Materials provided >>
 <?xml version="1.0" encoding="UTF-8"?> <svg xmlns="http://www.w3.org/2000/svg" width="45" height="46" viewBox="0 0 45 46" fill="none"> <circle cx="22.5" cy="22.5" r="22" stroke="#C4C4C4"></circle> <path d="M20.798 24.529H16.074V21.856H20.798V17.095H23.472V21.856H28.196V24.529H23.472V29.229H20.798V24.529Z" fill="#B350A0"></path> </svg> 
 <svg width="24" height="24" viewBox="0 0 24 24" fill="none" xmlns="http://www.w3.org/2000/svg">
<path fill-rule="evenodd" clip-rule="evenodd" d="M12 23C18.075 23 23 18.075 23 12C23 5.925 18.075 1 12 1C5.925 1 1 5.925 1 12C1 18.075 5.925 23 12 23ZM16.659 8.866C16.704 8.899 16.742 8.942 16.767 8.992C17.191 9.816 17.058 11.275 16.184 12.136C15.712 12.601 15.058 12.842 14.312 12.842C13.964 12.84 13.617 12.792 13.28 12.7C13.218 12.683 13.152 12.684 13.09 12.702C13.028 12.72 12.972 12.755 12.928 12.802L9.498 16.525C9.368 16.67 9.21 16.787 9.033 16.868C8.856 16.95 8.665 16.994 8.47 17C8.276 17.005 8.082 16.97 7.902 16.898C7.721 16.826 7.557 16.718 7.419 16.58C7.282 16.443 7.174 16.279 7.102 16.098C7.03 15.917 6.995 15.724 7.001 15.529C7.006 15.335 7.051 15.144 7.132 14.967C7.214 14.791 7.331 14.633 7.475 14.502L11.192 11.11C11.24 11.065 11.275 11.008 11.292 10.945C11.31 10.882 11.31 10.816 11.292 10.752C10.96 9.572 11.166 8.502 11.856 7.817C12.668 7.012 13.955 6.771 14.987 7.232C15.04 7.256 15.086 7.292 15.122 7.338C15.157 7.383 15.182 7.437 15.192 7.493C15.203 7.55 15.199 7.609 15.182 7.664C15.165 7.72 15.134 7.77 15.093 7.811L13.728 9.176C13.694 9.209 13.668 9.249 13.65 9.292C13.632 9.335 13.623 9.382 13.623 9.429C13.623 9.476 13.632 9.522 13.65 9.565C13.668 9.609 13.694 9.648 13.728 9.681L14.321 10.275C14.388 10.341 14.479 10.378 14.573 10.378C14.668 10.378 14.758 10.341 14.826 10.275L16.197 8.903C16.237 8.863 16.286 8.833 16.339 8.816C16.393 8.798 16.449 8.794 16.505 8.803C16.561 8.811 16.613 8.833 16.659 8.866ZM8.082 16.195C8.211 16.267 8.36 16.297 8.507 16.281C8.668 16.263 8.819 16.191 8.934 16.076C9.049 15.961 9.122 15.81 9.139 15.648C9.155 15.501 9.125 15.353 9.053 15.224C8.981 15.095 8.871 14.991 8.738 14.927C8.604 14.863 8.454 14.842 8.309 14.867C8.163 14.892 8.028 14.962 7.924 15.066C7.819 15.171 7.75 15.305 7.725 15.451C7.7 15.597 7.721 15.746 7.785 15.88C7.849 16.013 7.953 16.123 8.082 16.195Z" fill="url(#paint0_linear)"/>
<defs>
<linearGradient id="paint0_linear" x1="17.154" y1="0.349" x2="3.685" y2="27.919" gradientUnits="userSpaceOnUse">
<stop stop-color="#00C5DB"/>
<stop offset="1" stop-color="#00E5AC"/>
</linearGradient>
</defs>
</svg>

Task details >> Find and copy each line of the material that holds the word "width".

Exercise output >>
 <?xml version="1.0" encoding="UTF-8"?> <svg xmlns="http://www.w3.org/2000/svg" width="45" height="46" viewBox="0 0 45 46" fill="none"> <circle cx="22.5" cy="22.5" r="22" stroke="#C4C4C4"></circle> <path d="M20.798 24.529H16.074V21.856H20.798V17.095H23.472V21.856H28.196V24.529H23.472V29.229H20.798V24.529Z" fill="#B350A0"></path> </svg> 
 <svg width="24" height="24" viewBox="0 0 24 24" fill="none" xmlns="http://www.w3.org/2000/svg">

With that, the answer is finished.